Denckla points to the Good Grief festival in England, a weeklong digital event this fall, where speakers from various disciplines discussed the grieving process, as well as the pandemic. She says this kind of “public acknowledgment of compounded multiple losses and that validation and that acknowledgment can set a foundation for starting to mourn and to grieve and to heal.”

Rodriguez-Gerada’s portrait of Dr. Decoo was exactly that kind of public acknowledgment.

The week Rodriguez-Gerada created the painting was incredibly windy and it was hard to get the paint he was spraying on the pavement to land properly. Even finding enough paint was difficult, and his team bought out four Home Depots. But these technical aspects weren’t foremost on his mind, instead, he was thinking about Dr. Decoo’s eyes.

“I was focusing on the fact that the family would recognize his eyes,” he says. “If they see him in the portrait then I’ve done my job.”

When Decoo’s wife saw the mural, she told him “you captured his gaze.” It’s the most important complement Rodriquez-Gerada could receive.

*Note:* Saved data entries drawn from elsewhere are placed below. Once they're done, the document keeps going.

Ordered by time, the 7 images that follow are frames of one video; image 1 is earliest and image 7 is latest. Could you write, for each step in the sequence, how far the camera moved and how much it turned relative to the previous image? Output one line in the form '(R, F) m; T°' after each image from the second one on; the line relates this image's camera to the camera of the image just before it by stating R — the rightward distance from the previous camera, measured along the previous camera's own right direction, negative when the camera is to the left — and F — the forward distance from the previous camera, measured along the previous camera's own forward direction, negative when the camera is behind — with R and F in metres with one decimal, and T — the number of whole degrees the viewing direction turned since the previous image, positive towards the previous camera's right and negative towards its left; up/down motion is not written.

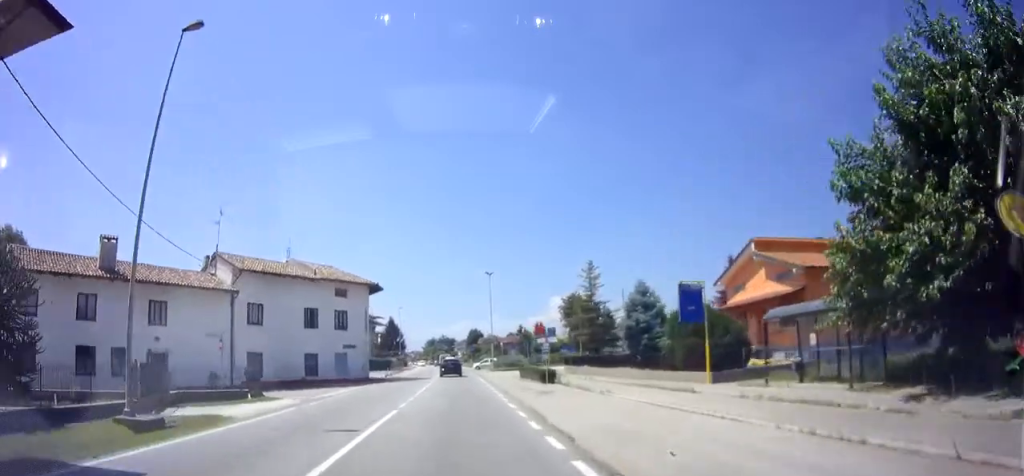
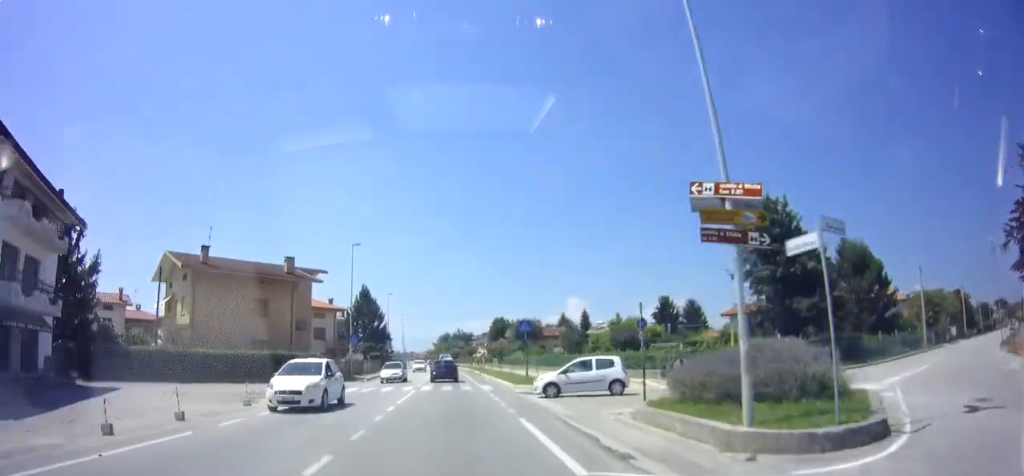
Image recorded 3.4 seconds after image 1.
(-0.7, +50.5) m; -2°
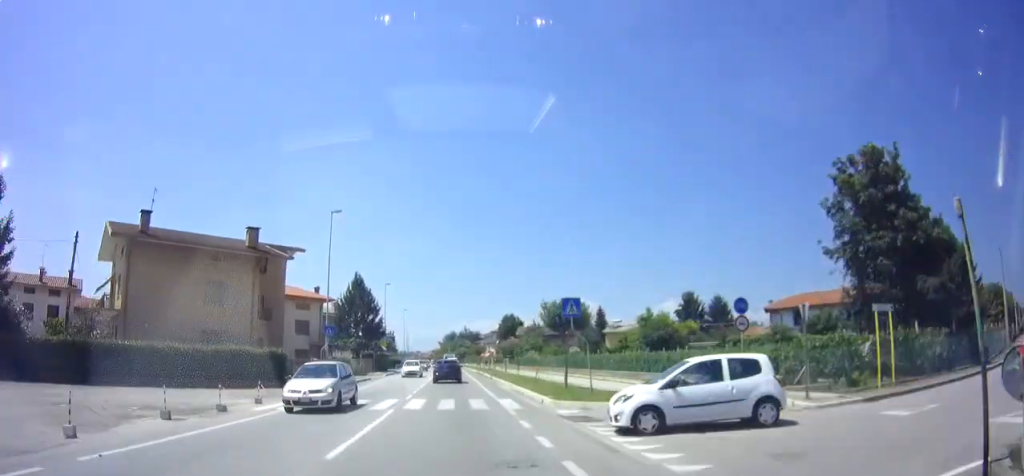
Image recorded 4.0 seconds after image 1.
(0.0, +9.8) m; -1°
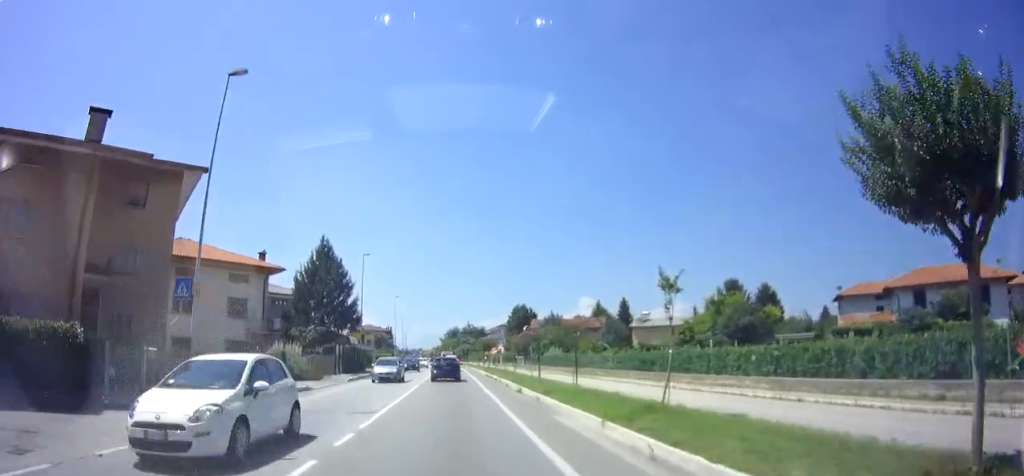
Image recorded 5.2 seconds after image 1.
(-0.2, +16.8) m; 0°
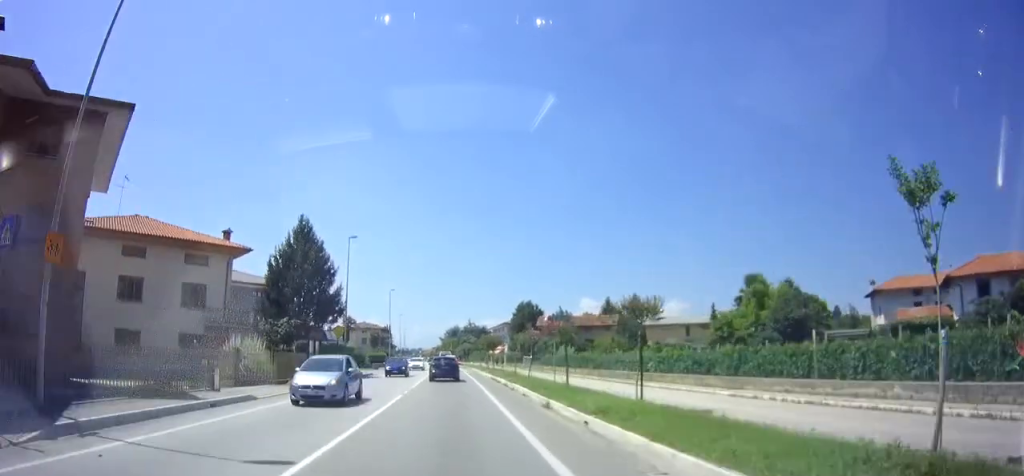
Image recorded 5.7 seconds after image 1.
(+0.2, +6.7) m; 0°
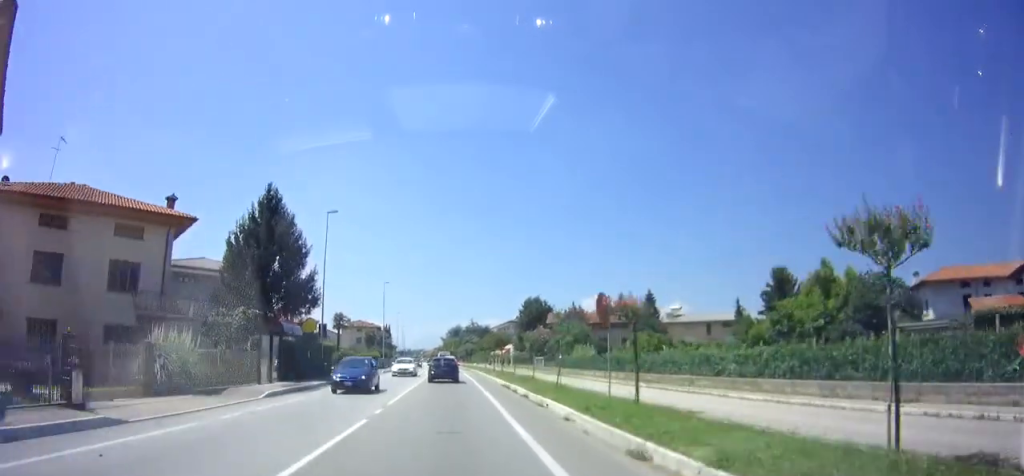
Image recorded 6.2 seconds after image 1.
(0.0, +7.6) m; 0°
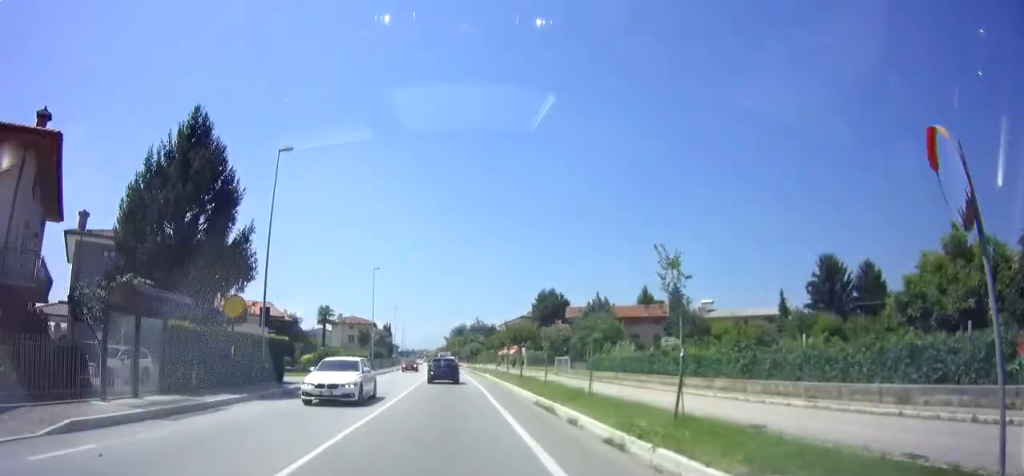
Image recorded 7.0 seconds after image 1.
(-0.3, +10.8) m; -1°
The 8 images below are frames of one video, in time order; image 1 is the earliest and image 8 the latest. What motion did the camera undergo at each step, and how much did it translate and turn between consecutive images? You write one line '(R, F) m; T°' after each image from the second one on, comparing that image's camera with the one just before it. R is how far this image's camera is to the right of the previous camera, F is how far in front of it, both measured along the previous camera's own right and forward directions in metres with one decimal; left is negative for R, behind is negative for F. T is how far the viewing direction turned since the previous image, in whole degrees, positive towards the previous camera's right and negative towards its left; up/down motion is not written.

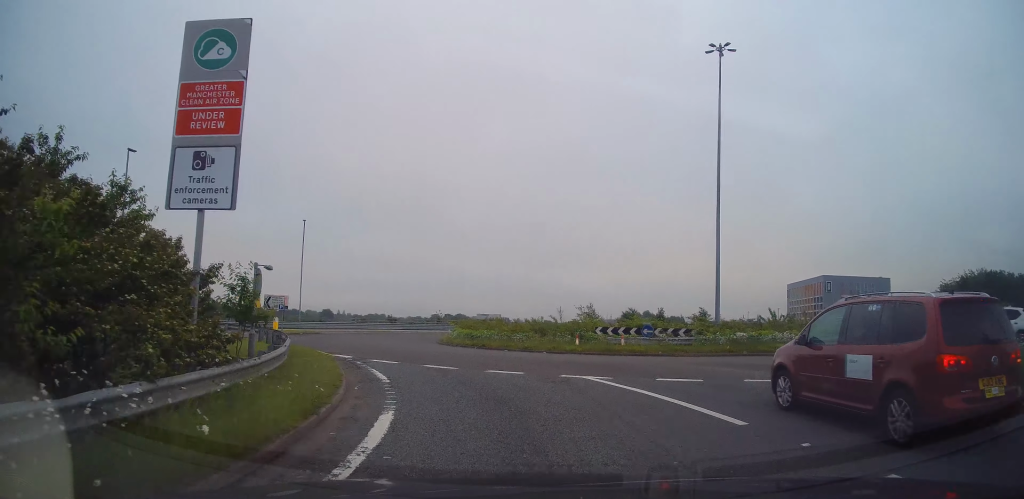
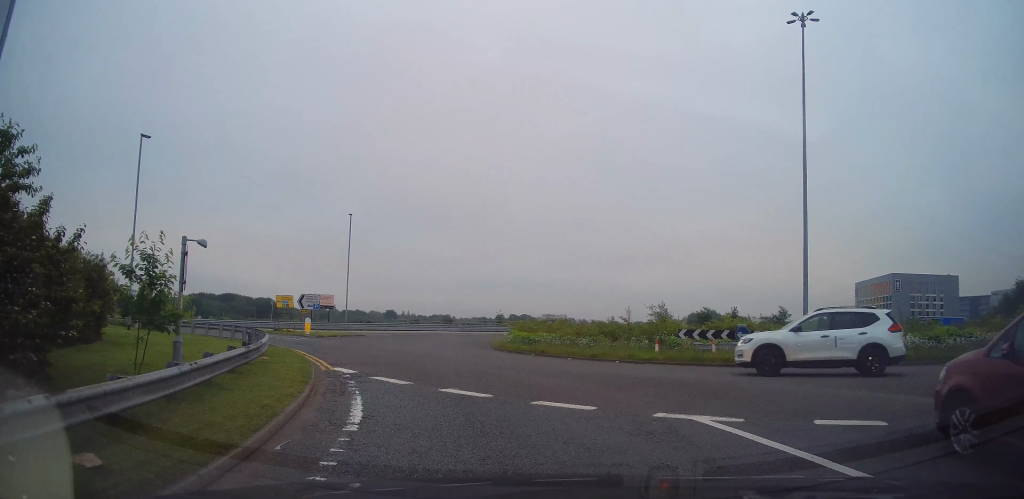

Yet even Rodriquez-Gerada’s colossal tribute to those claimed by the pandemic was a fleeting one. The mural had always been designed to be temporary, but because of its popularity, there was a movement to let it stay longer than initially intended. Rodriquez-Gerada says this was sadly logistically impossible because a construction project had begun and the park needed the parking spots the painting occupied.

So after a few weeks, the area of Queens that Rodriguez-Gerada had transformed into a larger than life symbol of the sorrow and heroism of these strange and awful times became a parking lot again. And the world had one less way of remembering those taken by the coronavirus.